● **Stored data entries**:

=== Begin Enclosure ===

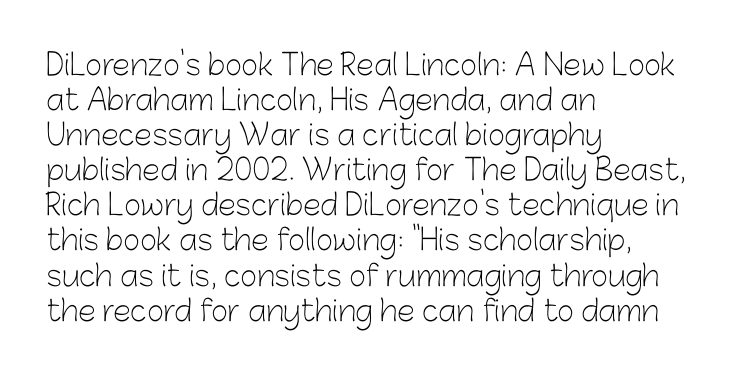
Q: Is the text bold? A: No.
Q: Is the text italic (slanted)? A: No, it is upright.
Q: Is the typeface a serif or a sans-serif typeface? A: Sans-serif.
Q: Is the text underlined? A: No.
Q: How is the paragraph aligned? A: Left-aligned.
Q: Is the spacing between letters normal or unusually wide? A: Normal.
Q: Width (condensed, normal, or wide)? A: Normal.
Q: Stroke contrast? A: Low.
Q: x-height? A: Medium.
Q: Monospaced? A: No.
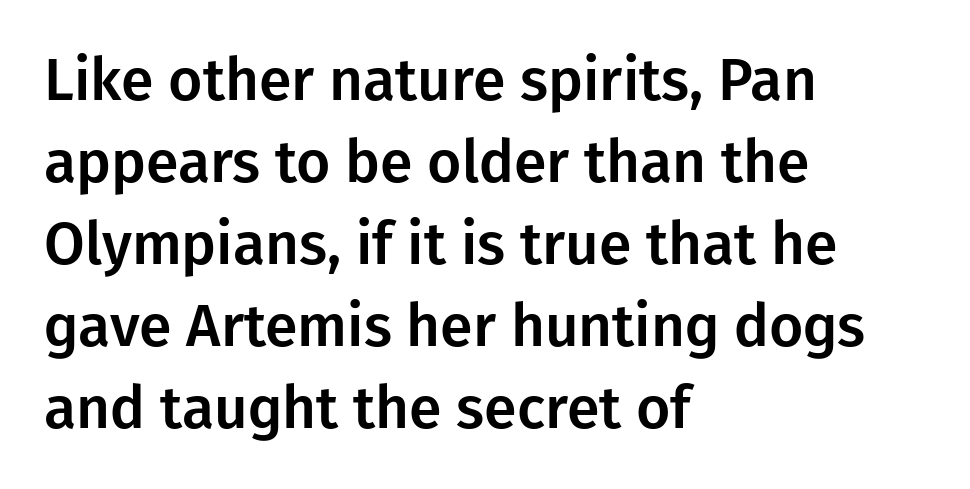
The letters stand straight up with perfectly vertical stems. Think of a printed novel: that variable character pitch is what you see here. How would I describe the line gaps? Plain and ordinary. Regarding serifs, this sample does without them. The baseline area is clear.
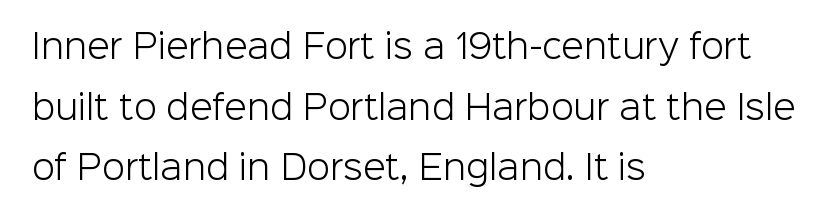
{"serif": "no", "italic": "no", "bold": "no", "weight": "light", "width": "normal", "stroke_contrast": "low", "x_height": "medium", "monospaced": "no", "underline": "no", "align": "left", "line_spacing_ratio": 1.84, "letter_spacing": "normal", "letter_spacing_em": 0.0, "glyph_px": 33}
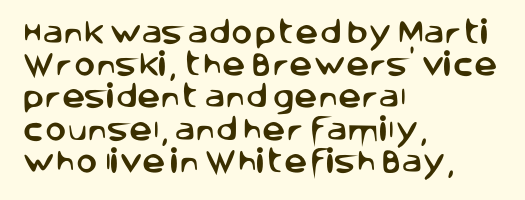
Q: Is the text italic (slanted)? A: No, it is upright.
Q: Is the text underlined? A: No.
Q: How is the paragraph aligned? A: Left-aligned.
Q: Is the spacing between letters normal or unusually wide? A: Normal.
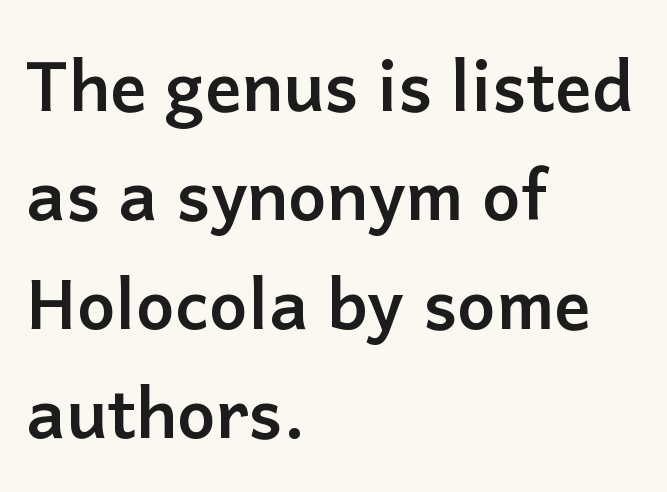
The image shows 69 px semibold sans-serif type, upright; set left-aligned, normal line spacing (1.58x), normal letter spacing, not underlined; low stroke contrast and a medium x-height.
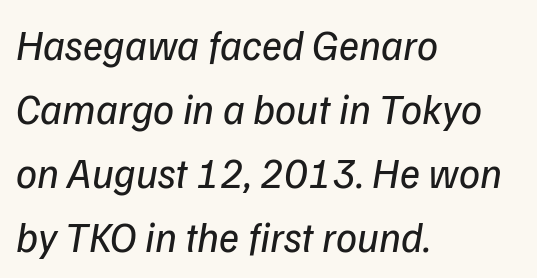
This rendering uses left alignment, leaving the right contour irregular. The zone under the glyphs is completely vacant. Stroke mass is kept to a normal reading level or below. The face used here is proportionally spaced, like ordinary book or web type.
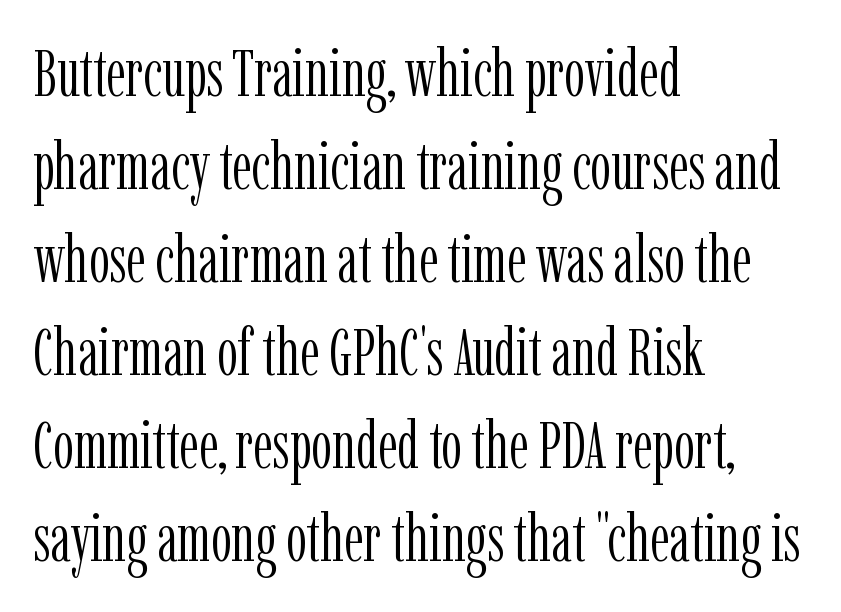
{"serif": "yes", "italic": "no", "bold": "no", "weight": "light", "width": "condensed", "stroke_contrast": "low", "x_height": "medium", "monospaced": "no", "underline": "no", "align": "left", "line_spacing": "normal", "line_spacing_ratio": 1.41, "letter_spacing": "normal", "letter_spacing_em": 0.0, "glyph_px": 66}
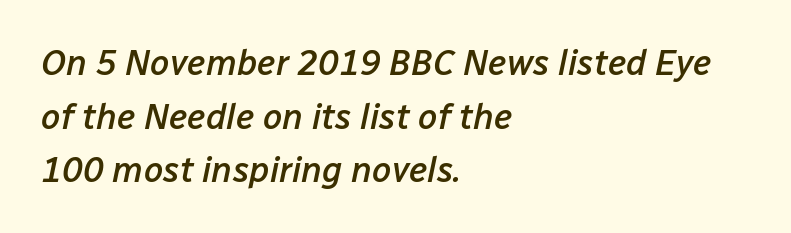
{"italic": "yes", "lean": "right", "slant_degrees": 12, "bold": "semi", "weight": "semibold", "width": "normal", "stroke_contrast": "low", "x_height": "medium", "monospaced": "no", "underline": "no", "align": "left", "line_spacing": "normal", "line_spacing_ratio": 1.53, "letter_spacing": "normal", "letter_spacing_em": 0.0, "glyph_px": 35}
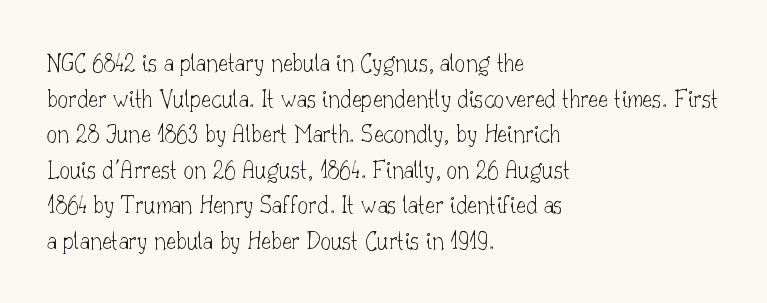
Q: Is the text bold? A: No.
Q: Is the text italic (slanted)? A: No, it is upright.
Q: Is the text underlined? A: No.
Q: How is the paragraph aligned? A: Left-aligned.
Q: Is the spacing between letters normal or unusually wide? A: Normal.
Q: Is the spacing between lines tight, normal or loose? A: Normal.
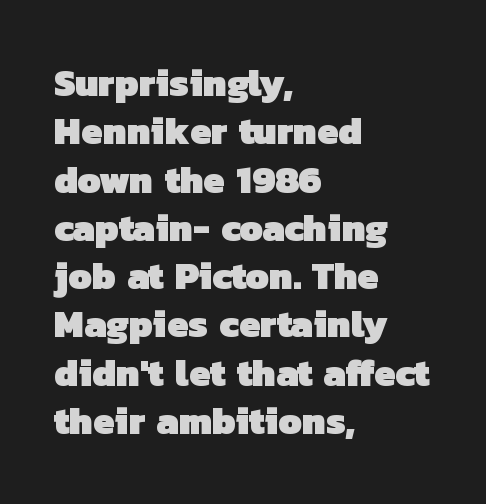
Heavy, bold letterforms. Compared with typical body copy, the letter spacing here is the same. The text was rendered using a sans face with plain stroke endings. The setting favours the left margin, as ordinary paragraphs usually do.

=== End Enclosure ===
=== Begin Enclosure ===

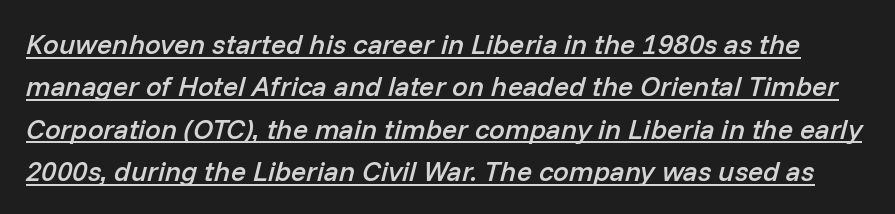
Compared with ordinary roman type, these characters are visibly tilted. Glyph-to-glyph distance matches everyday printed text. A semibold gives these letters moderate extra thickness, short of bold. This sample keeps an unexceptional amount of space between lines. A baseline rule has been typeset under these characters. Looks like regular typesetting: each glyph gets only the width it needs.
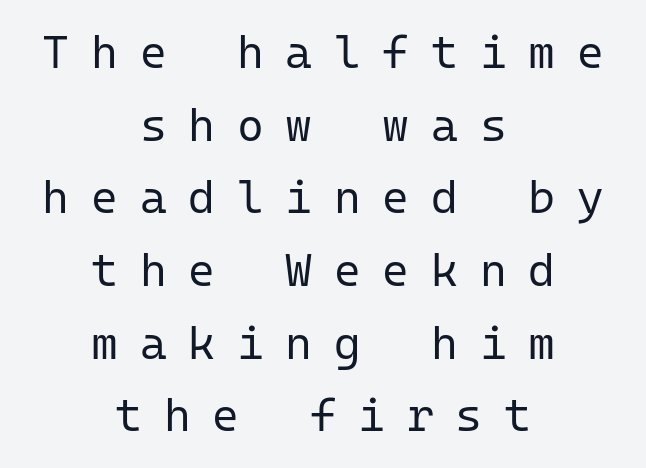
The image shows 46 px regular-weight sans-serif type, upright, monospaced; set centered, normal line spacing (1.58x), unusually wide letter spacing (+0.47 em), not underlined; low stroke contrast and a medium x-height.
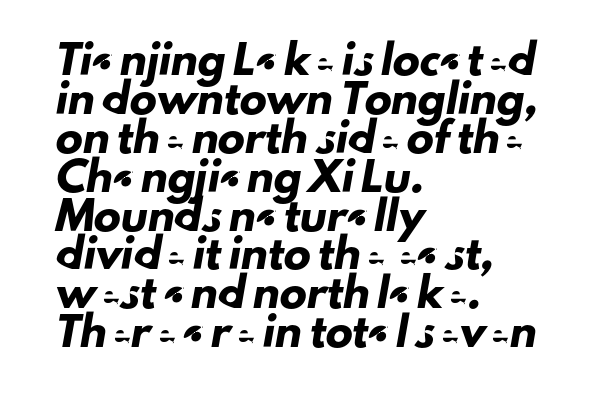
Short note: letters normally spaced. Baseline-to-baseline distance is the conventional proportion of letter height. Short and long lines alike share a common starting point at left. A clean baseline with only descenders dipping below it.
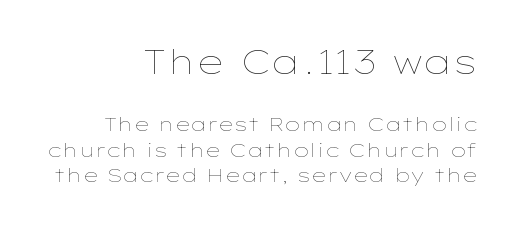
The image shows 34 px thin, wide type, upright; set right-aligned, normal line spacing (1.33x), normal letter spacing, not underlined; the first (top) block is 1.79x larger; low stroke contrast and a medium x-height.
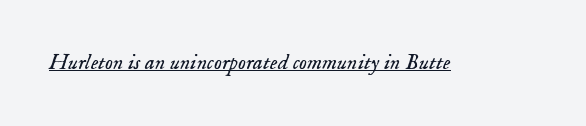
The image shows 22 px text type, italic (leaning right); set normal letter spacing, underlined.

=== End Enclosure ===
=== Begin Enclosure ===

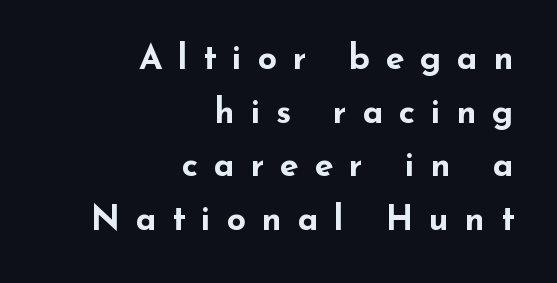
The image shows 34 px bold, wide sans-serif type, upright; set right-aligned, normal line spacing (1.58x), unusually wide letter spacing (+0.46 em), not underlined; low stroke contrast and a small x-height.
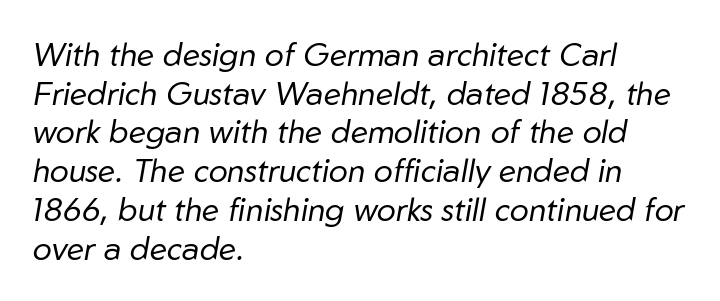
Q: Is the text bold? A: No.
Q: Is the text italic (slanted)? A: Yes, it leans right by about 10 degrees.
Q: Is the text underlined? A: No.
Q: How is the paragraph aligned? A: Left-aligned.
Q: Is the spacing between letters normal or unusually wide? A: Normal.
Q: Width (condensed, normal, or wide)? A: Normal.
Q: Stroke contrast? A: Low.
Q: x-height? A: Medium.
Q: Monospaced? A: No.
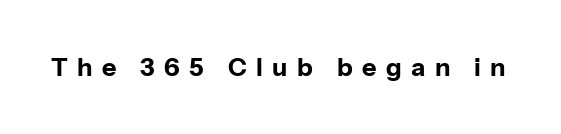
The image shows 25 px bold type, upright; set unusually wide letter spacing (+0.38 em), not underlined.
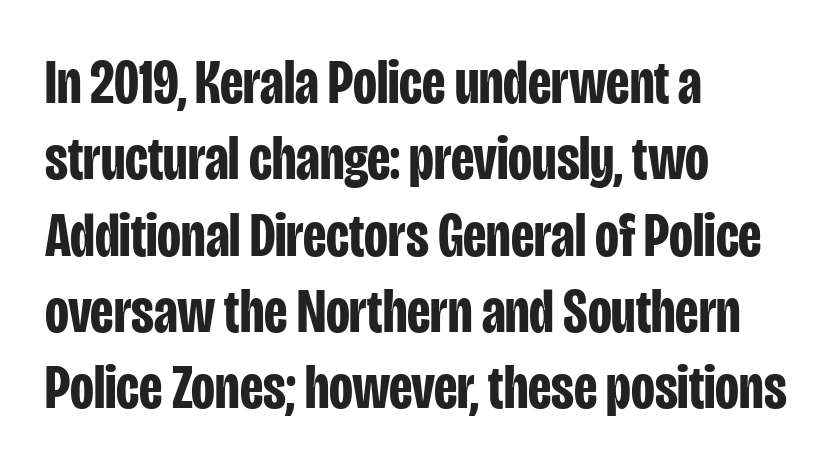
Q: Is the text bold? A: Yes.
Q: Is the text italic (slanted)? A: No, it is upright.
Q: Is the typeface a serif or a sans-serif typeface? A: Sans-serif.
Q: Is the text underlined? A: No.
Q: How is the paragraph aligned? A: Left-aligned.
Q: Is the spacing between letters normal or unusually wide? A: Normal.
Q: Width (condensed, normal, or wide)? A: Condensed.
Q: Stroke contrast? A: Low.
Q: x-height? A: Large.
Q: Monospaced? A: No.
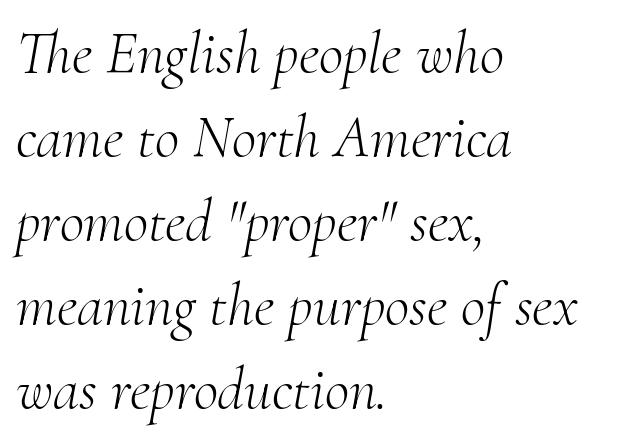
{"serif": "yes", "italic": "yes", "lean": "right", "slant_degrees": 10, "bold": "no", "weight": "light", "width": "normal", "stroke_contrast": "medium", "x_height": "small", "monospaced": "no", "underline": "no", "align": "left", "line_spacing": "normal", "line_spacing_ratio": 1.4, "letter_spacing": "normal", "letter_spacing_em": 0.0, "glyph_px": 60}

=== End Enclosure ===

● **WHAT NEEDS TO BE DONE**: Scan the records above and show every line in which the word "here" occurs.

● **YOUR RESPONSE**:
The letters stand straight up with perfectly vertical stems. Think of a printed novel: that variable character pitch is what you see here. How would I describe the line gaps? Plain and ordinary. Regarding serifs, this sample does without them. The baseline area is clear.
This rendering uses left alignment, leaving the right contour irregular. The zone under the glyphs is completely vacant. Stroke mass is kept to a normal reading level or below. The face used here is proportionally spaced, like ordinary book or web type.
Heavy, bold letterforms. Compared with typical body copy, the letter spacing here is the same. The text was rendered using a sans face with plain stroke endings. The setting favours the left margin, as ordinary paragraphs usually do.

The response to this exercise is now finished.